On the night of midsummer, shortest of the year, while the preacher and his wife coupled with suppressed cries in the next bedroom (preaching made him eager and loving in all ways, she had learned that) she lay long awake, afraid to sleep, knowing that if she did she would go down into that land; and when dark was deep she arose, packed her clothes silently in a sack, took from the tin box all the money that had been collected in the church that evening, and slipped barefoot from the house. She didn’t know where she would go. She had heard that up the mountain, far from towns and off the roads, there lived people whose gospel was more perfect even than the preacher’s with whom she had stayed. They had no church at all, only their own bodies, wherein they kept the truths they knew. It was told they ate no flesh; and when they decided that their time here below was done, they ceased to eat at all, until they died. She thought about them as she stood in the darkness at the end of the path, and it was as though she could see them and hear their voices. It could be that she ought now to go and see if she could find them, and ask them about herself, learn whether in their more perfect gospel she was known about; or prove to herself that after all they didn’t exist.
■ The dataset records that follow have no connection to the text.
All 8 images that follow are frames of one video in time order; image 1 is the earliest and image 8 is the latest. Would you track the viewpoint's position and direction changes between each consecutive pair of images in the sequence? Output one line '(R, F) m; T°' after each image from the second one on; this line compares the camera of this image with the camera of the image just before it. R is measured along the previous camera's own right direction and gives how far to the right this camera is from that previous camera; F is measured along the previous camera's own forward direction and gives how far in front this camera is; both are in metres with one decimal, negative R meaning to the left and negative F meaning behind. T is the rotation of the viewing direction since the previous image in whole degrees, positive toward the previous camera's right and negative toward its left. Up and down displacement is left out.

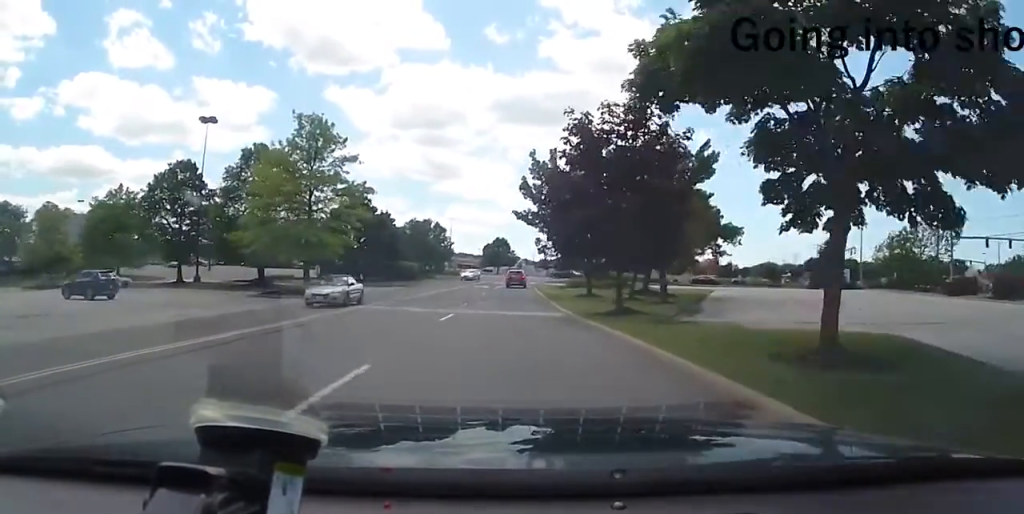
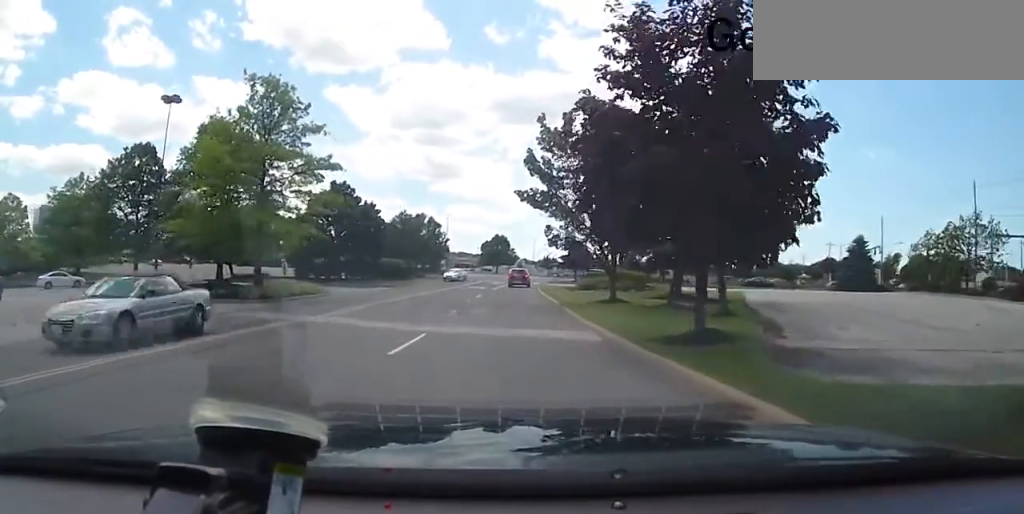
(0.0, +7.4) m; 0°
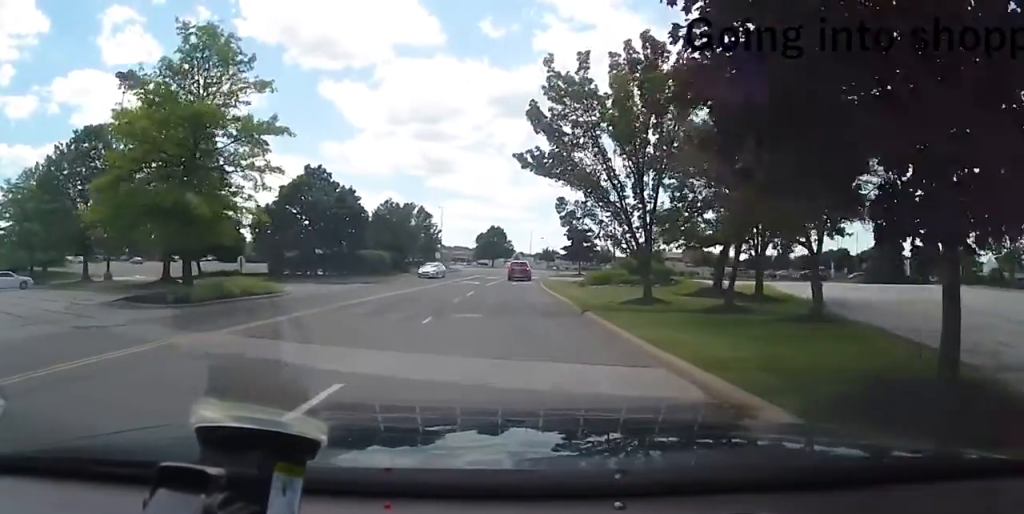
(0.0, +6.2) m; 0°
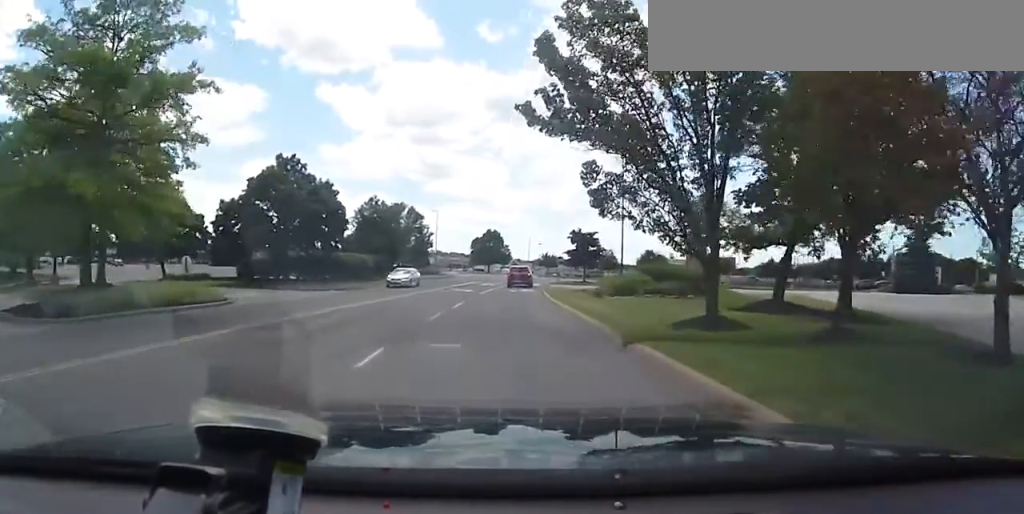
(0.0, +6.4) m; 0°
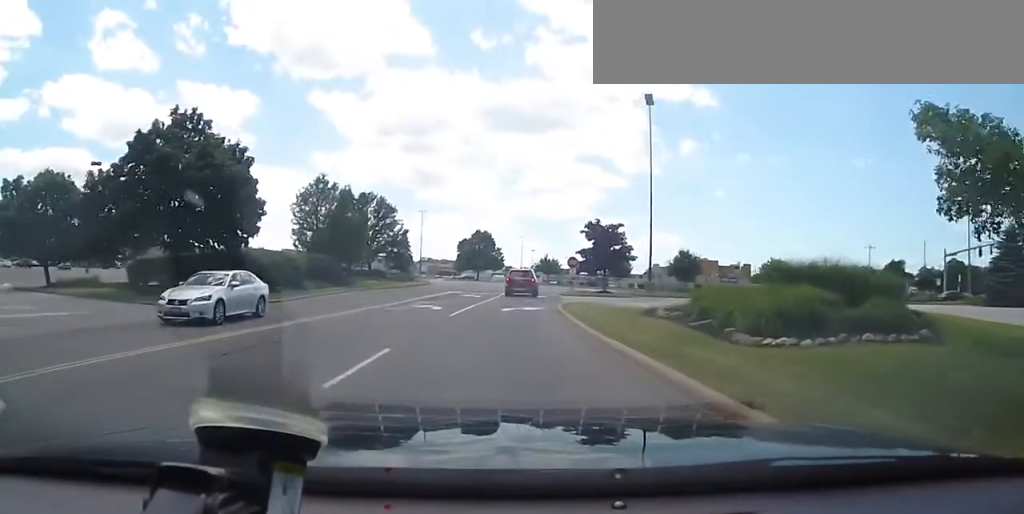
(0.0, +14.2) m; 0°
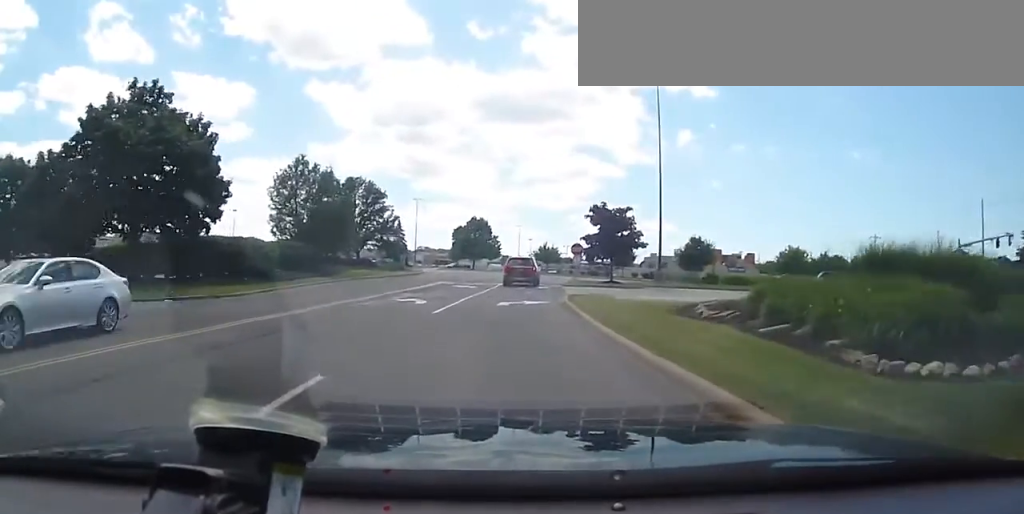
(0.0, +4.1) m; 0°
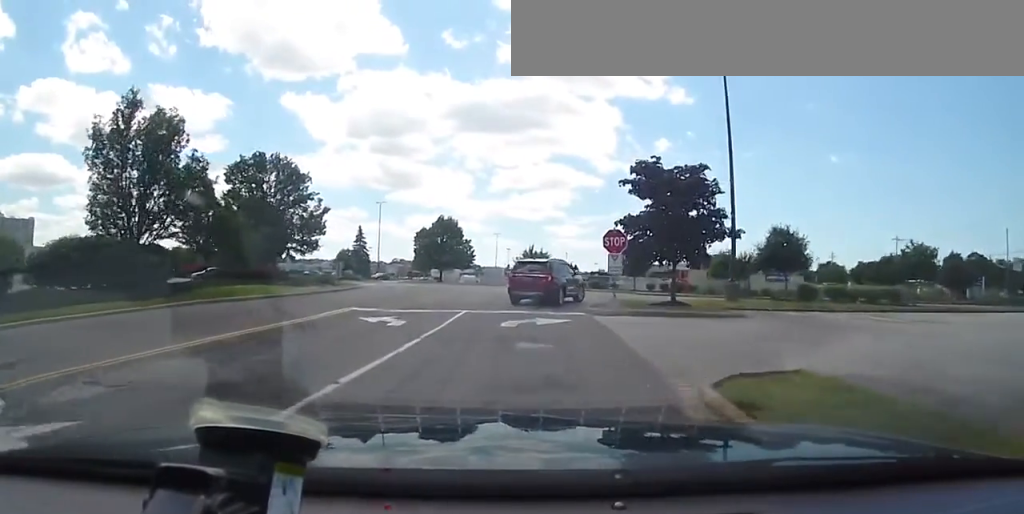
(+0.3, +17.6) m; +5°
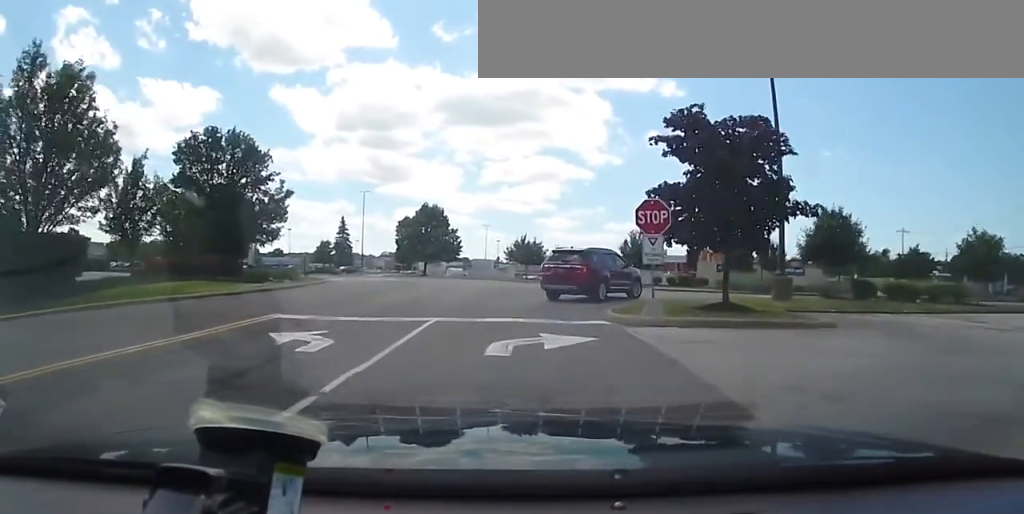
(+0.2, +5.4) m; -1°

She had to have something to do. From where she stood, where the path met the road, she could go up, or she could go back down, toward the valley of the No Name River, to her father’s house: she could ask him too, where the dead were, whether the more-perfects were real and could be found. Mock him if he didn’t know. She was walking down along the road, though not having actually decided, when dawn came. A car pulled up alongside her. It was a sedan whose back end had been cut away to make a truck bed, and in it was a refrigerator, tied down with straw rope. She wondered why it is that people cart refrigerators around the world so much, and the thought made her laugh just as the driver (a lean lined man, but not old, with a cigarette burned down almost to his fingers) looked out at her. He slowed, and kept on looking out at her, and kept pace beside her for a long ways, until she stopped; then so did he.